▶ _Data to examine_:
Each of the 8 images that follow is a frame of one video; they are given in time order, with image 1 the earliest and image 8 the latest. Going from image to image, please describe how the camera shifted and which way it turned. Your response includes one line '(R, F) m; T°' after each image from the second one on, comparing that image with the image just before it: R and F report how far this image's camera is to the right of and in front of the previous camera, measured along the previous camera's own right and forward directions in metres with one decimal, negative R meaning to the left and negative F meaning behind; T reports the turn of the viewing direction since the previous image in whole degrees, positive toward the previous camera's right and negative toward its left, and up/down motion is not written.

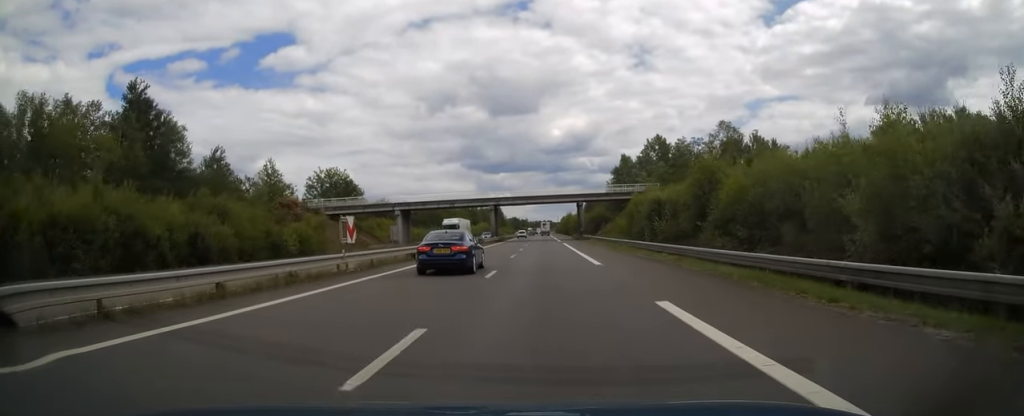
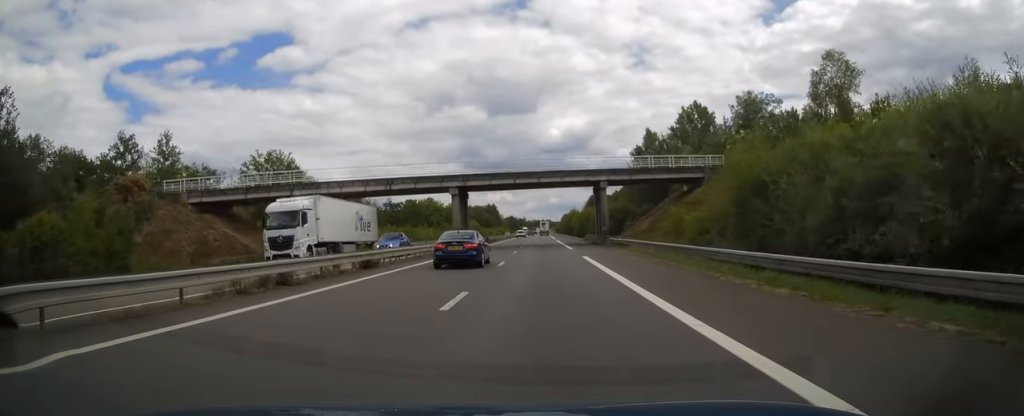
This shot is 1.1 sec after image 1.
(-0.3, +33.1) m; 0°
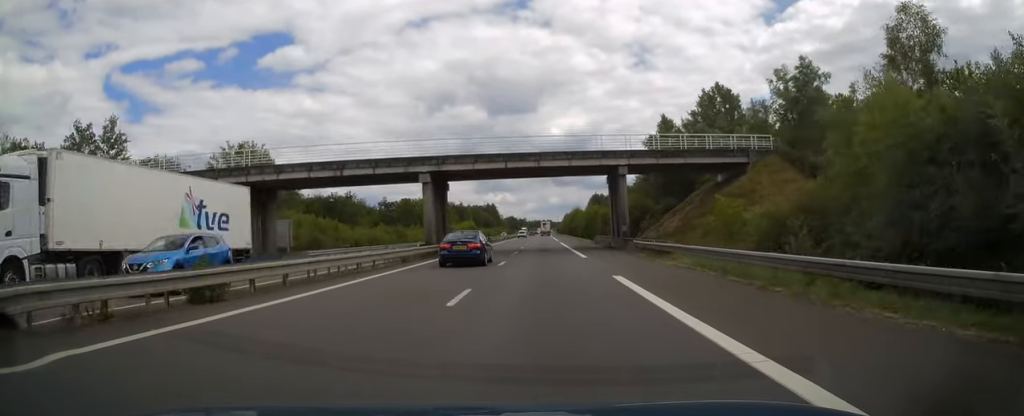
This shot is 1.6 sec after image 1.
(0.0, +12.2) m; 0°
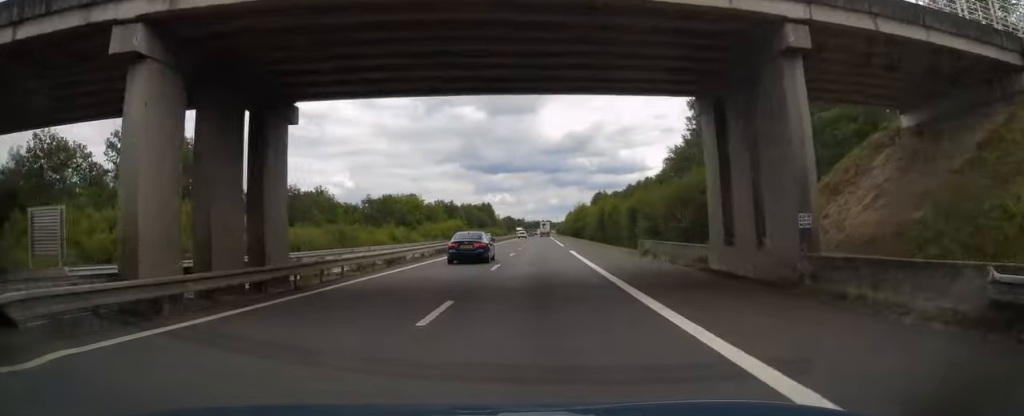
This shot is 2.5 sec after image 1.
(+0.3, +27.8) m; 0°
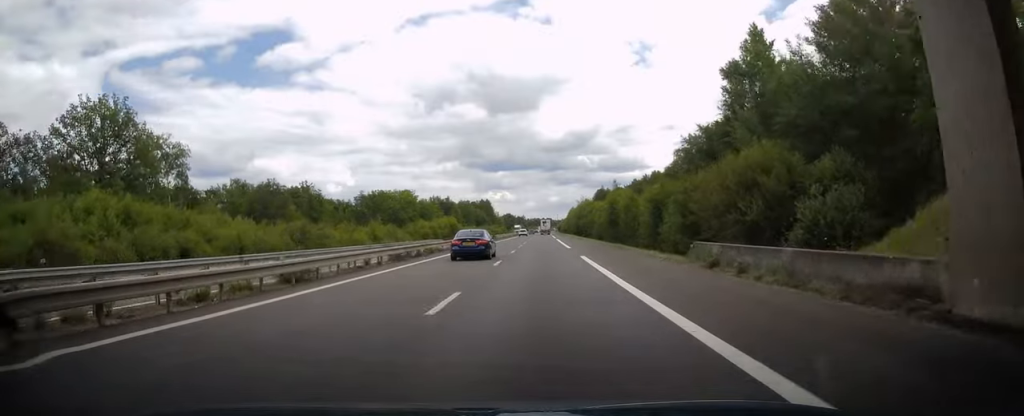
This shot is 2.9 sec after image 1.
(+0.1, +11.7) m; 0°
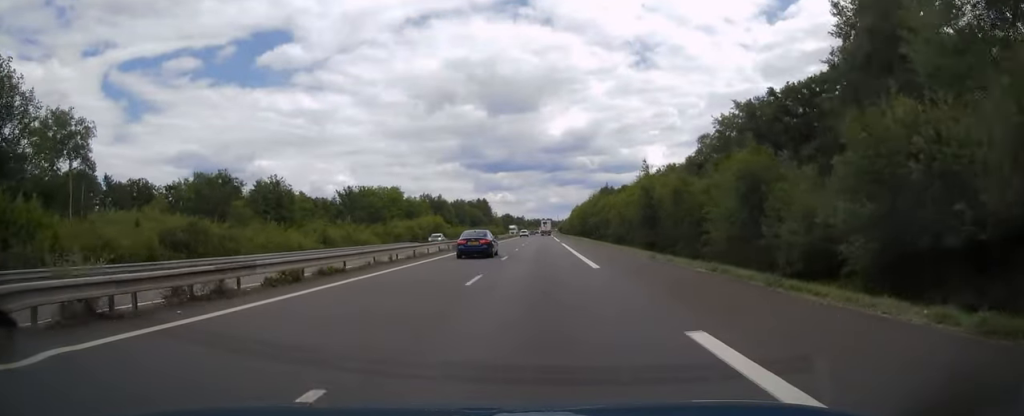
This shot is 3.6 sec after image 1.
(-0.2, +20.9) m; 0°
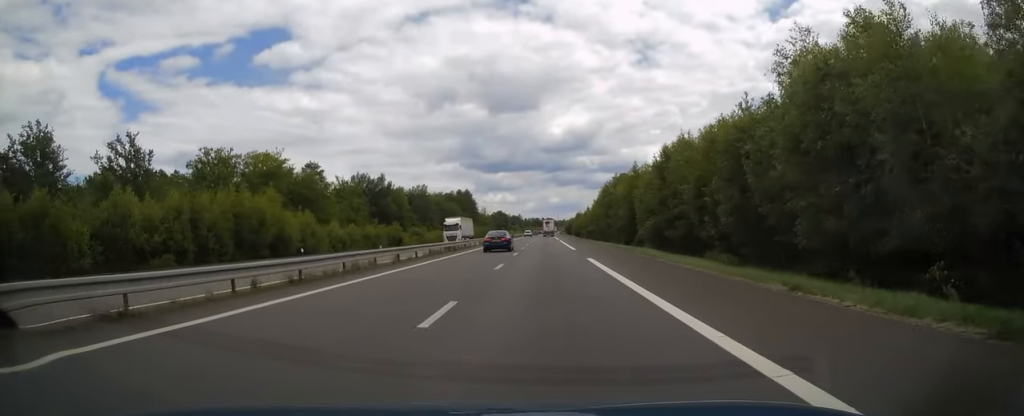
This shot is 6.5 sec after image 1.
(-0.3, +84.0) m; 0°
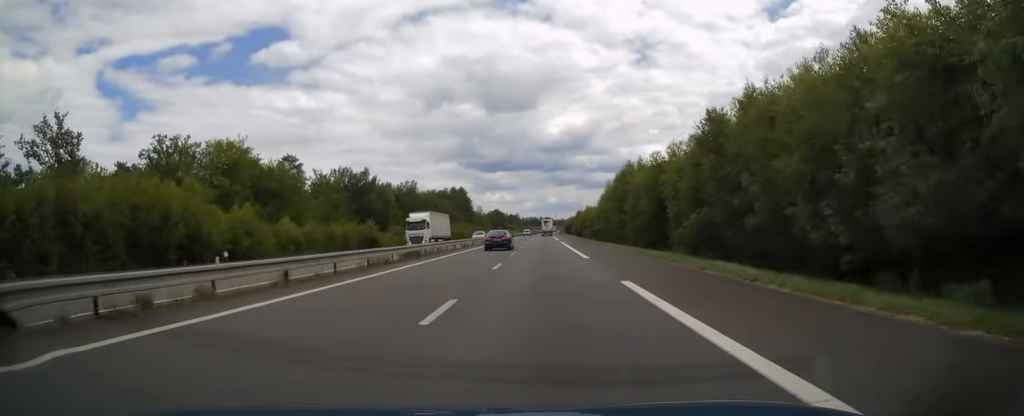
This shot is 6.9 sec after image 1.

▶ _Exercise prompt_: Pictures stay out; everything else in the entries is copied exactly.

▶ _Result of the exercise_:
Each of the 8 images that follow is a frame of one video; they are given in time order, with image 1 the earliest and image 8 the latest. Going from image to image, please describe how the camera shifted and which way it turned. Your response includes one line '(R, F) m; T°' after each image from the second one on, comparing that image with the image just before it: R and F report how far this image's camera is to the right of and in front of the previous camera, measured along the previous camera's own right and forward directions in metres with one decimal, negative R meaning to the left and negative F meaning behind; T reports the turn of the viewing direction since the previous image in whole degrees, positive toward the previous camera's right and negative toward its left, and up/down motion is not written.

This shot is 1.1 sec after image 1.
(-0.3, +33.1) m; 0°
This shot is 1.6 sec after image 1.
(0.0, +12.2) m; 0°
This shot is 2.5 sec after image 1.
(+0.3, +27.8) m; 0°
This shot is 2.9 sec after image 1.
(+0.1, +11.7) m; 0°
This shot is 3.6 sec after image 1.
(-0.2, +20.9) m; 0°
This shot is 6.5 sec after image 1.
(-0.3, +84.0) m; 0°
This shot is 6.9 sec after image 1.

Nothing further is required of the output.